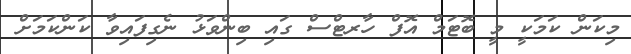
މިކަން ކަމަކީ މީ ބޮޓަމް އޮފް ހާރޓްސް ގައި ބިންވަޅު ނެގިފައިވާ ކަންކަމަށް
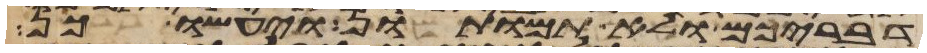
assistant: דבריכם ולא תמותון ויעשו כן
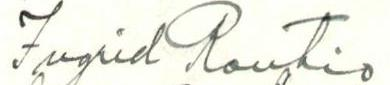
Ingrid Rautio
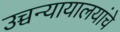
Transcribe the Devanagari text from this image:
उच्चन्यायालयांचे
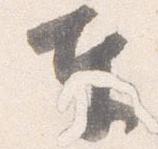
奉
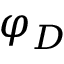
\varphi _ { D }
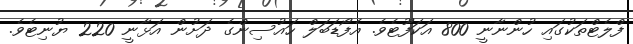
ފްލެޓްތަކުގައި ހުންނާނީ 800 އަކަފޫޓެވެ. އެފޯޑަބަލް ހައުސިންގެ ދަށުން އަޅާނީ 220 ޔުނިޓެވެ.
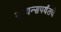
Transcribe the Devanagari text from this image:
सायन्सपर्यंतचे

══════

#### DESCRIPTION OF THE TASK
Write out, word for word, only the lines from the one containing "assistant: דבריכם ולא תמותון ויעשו כן" to the end of the data above; the pictures stay out.

#### WRITTEN ANSWER
assistant: דבריכם ולא תמותון ויעשו כן
Ingrid Rautio
Transcribe the Devanagari text from this image:
उच्चन्यायालयांचे
奉
\varphi _ { D }
ފްލެޓްތަކުގައި ހުންނާނީ 800 އަކަފޫޓެވެ. އެފޯޑަބަލް ހައުސިންގެ ދަށުން އަޅާނީ 220 ޔުނިޓެވެ.
Transcribe the Devanagari text from this image:
सायन्सपर्यंतचे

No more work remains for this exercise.